== What you are asked to do ==
Could you restate all of the records exactly, leaving out the pictures?
*** Records for processing ***
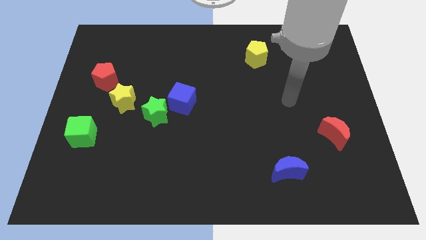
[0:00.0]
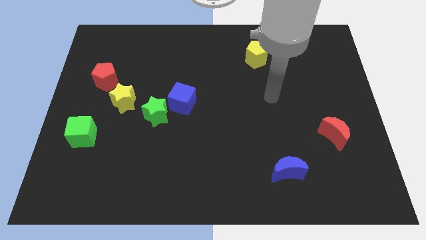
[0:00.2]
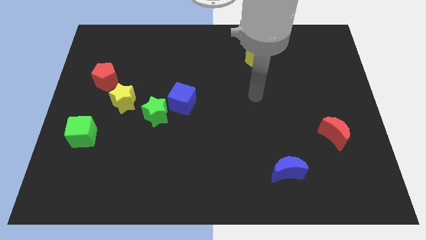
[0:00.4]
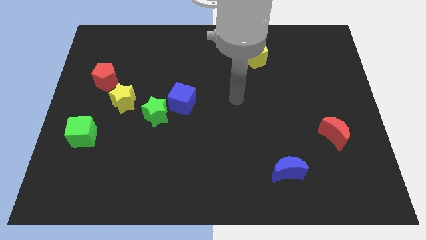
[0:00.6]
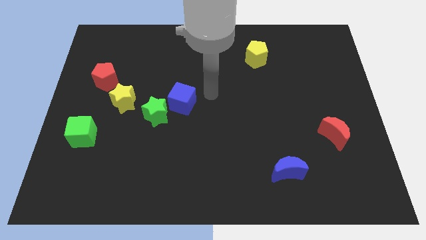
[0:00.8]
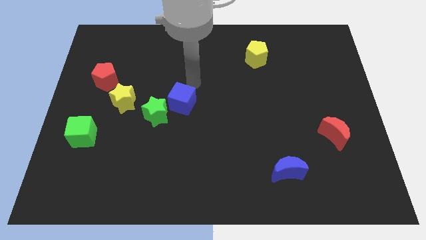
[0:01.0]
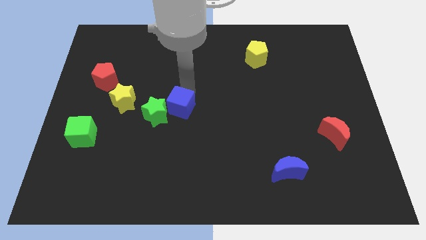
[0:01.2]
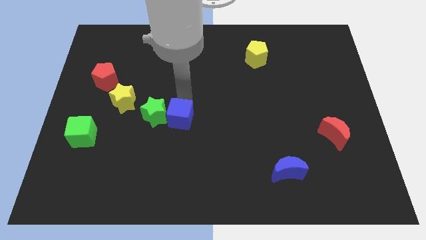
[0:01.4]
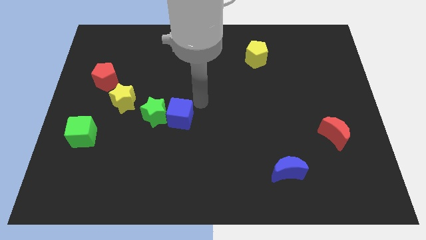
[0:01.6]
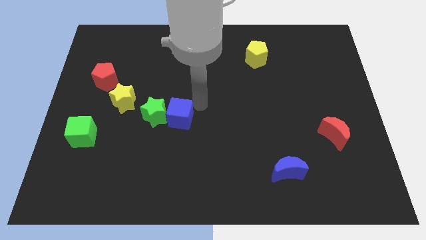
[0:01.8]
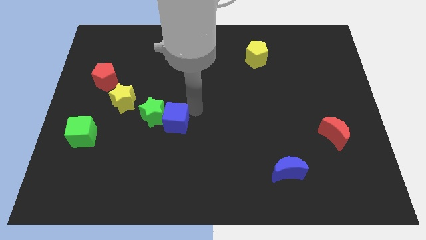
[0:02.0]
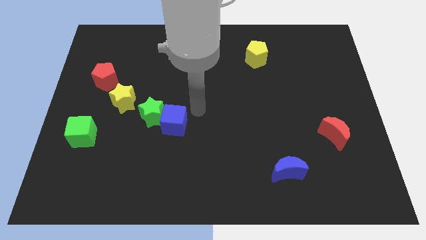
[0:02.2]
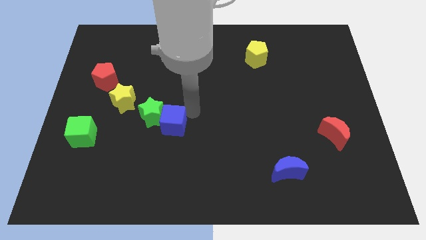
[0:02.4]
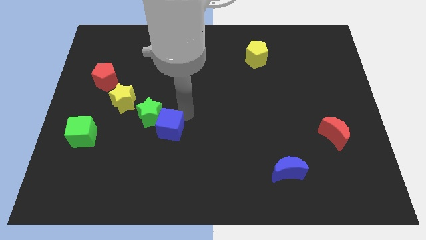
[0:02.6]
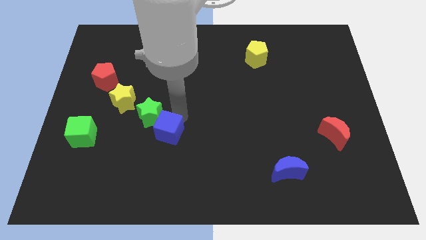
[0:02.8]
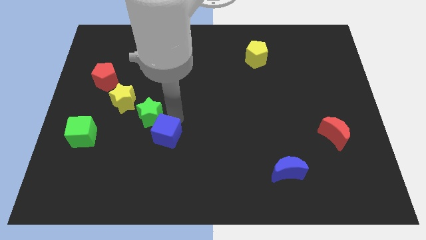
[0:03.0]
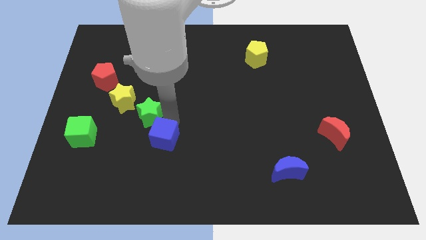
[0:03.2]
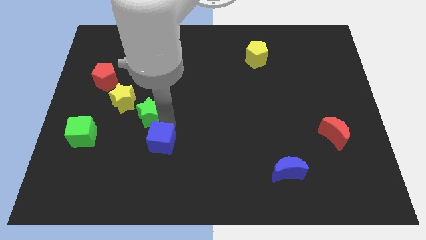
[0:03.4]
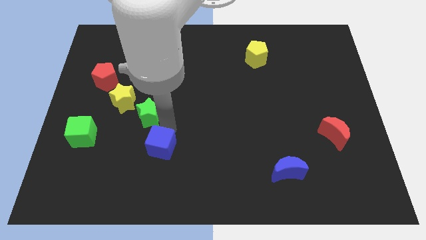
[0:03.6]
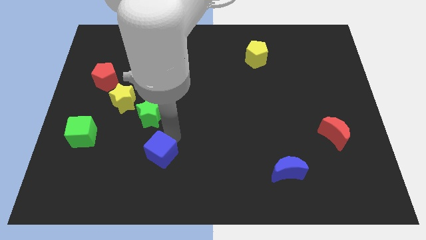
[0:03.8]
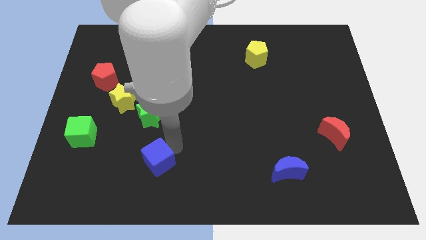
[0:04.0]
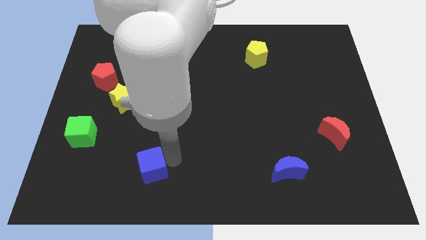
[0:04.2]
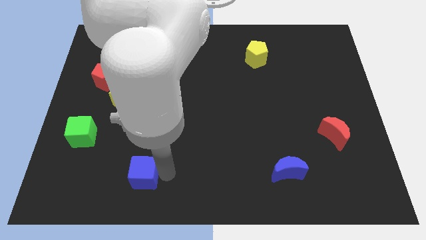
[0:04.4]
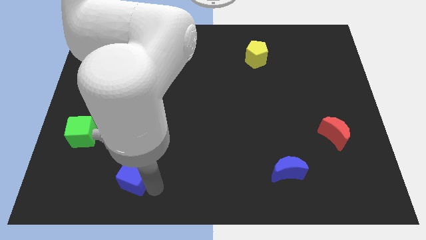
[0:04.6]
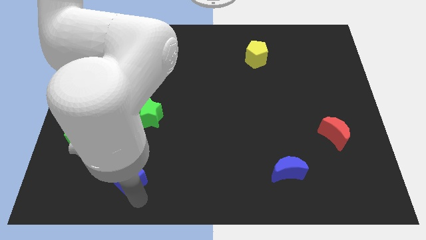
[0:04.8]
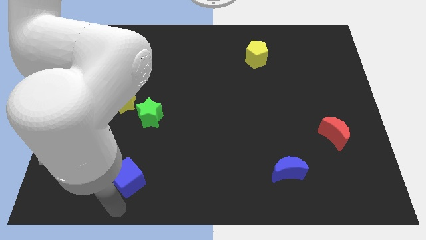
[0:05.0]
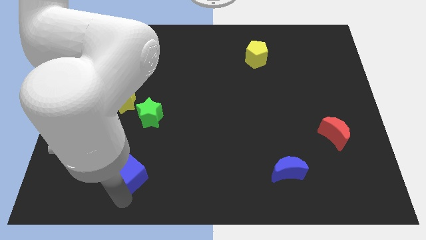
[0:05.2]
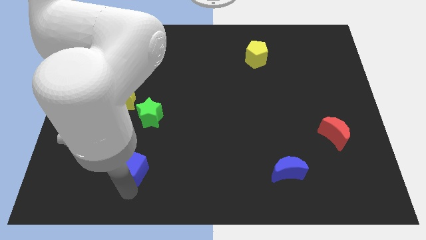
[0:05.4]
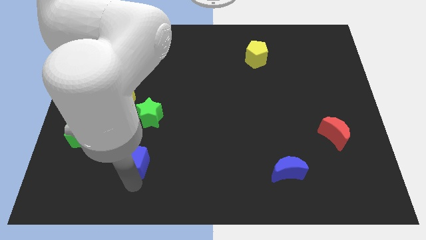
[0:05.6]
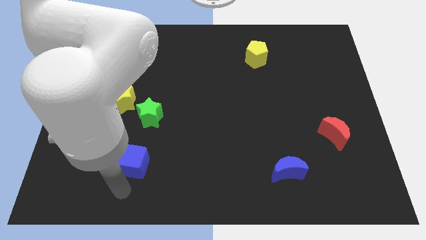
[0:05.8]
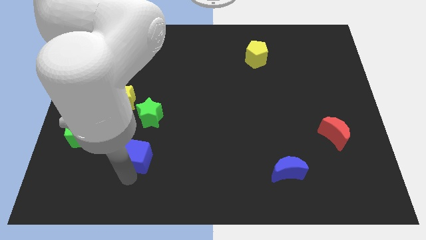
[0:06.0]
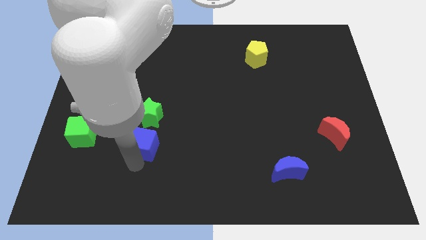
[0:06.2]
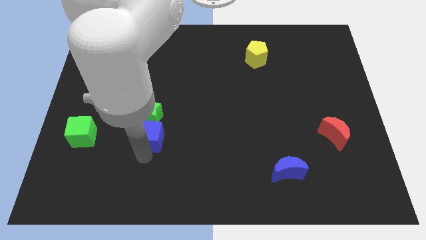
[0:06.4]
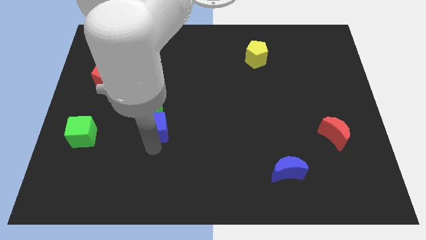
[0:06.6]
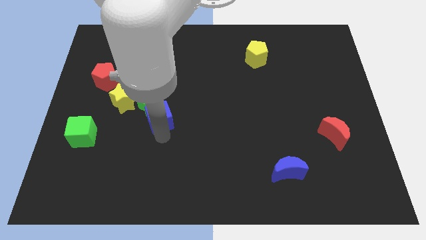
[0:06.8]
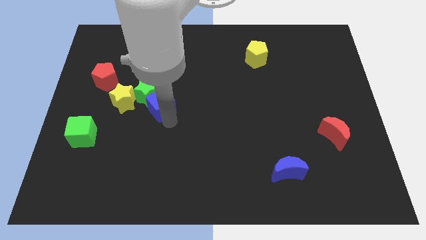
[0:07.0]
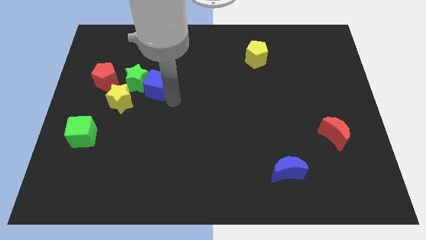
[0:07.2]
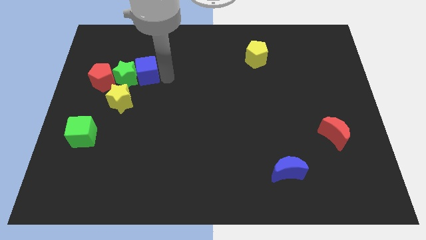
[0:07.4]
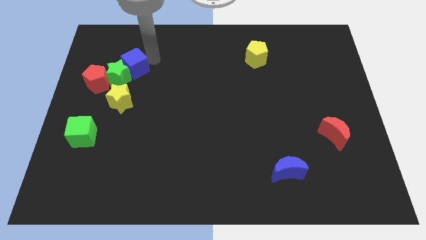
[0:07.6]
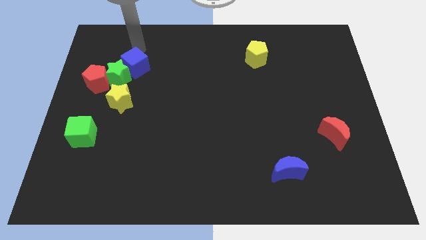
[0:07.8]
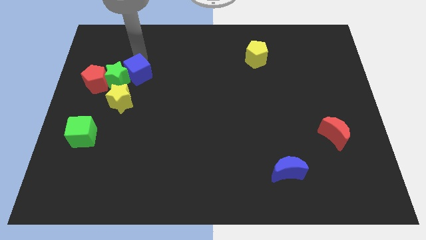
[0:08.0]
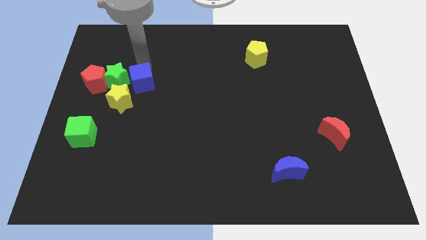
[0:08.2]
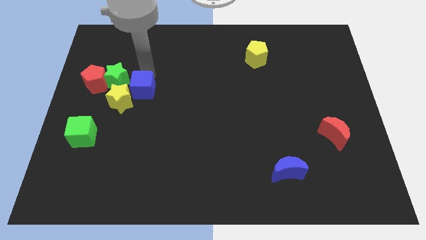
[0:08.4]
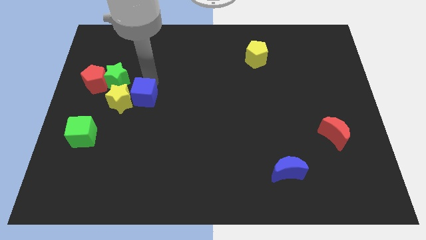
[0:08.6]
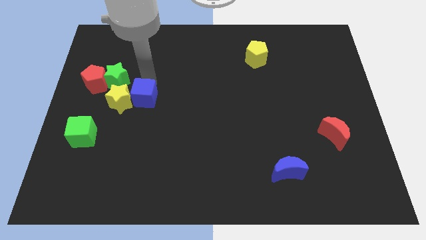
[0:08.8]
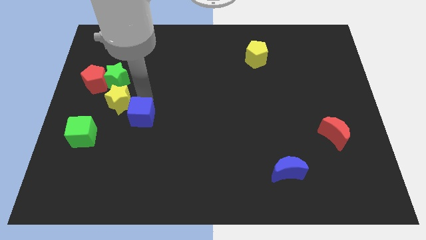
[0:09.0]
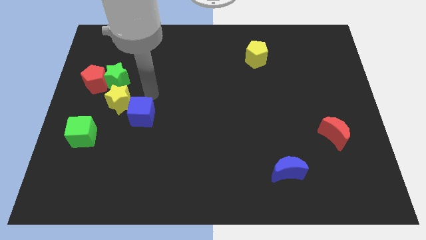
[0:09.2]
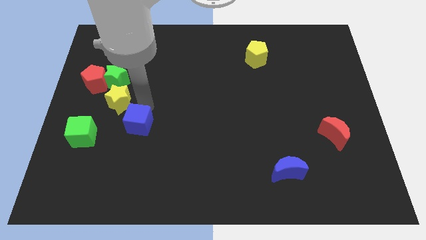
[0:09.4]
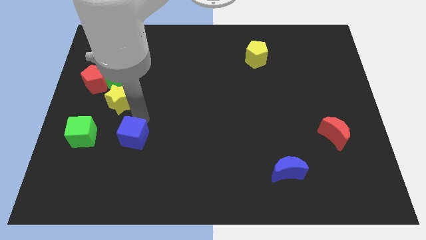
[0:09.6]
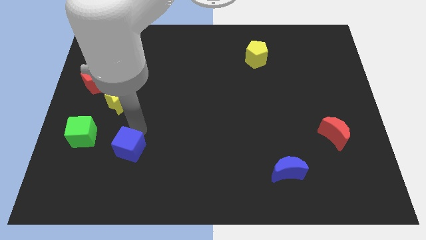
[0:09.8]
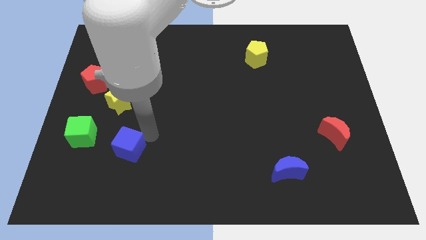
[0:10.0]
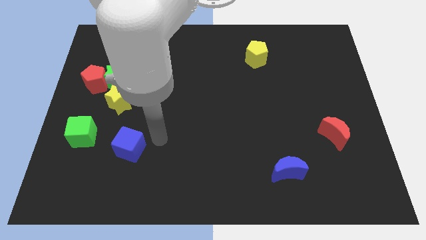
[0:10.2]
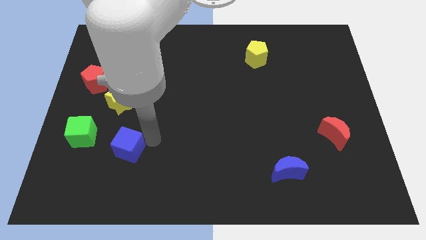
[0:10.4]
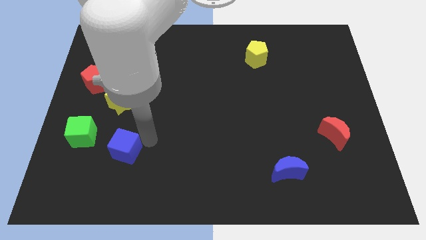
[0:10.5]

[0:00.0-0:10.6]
*** End of Records for processing ***
== Result ==
[0:00.0]
[0:00.2]
[0:00.4]
[0:00.6]
[0:00.8]
[0:01.0]
[0:01.2]
[0:01.4]
[0:01.6]
[0:01.8]
[0:02.0]
[0:02.2]
[0:02.4]
[0:02.6]
[0:02.8]
[0:03.0]
[0:03.2]
[0:03.4]
[0:03.6]
[0:03.8]
[0:04.0]
[0:04.2]
[0:04.4]
[0:04.6]
[0:04.8]
[0:05.0]
[0:05.2]
[0:05.4]
[0:05.6]
[0:05.8]
[0:06.0]
[0:06.2]
[0:06.4]
[0:06.6]
[0:06.8]
[0:07.0]
[0:07.2]
[0:07.4]
[0:07.6]
[0:07.8]
[0:08.0]
[0:08.2]
[0:08.4]
[0:08.6]
[0:08.8]
[0:09.0]
[0:09.2]
[0:09.4]
[0:09.6]
[0:09.8]
[0:10.0]
[0:10.2]
[0:10.4]
[0:10.5]

[0:00.0-0:10.6]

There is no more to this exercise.